▶ _Exercise brief_: In the records below, find the line holding "Question: Consider the" and the line holding "Answer: yes". Set down both, with every line between them, exactly.

▶ _Exercise inputs_:
== Segment start ==

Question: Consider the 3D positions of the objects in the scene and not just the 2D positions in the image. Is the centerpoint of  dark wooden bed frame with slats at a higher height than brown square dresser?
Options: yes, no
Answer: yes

== Segment end ==
== Segment start ==

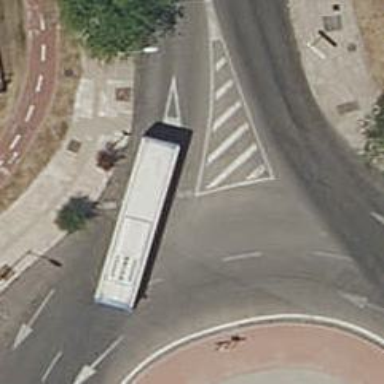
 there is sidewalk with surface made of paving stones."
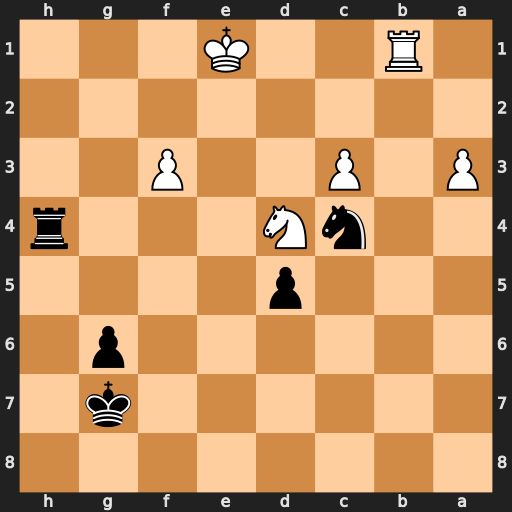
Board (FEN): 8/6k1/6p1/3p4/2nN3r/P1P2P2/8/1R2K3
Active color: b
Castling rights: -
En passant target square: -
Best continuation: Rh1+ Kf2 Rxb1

== Segment end ==

▶ _Completed exercise_:
Question: Consider the 3D positions of the objects in the scene and not just the 2D positions in the image. Is the centerpoint of  dark wooden bed frame with slats at a higher height than brown square dresser?
Options: yes, no
Answer: yes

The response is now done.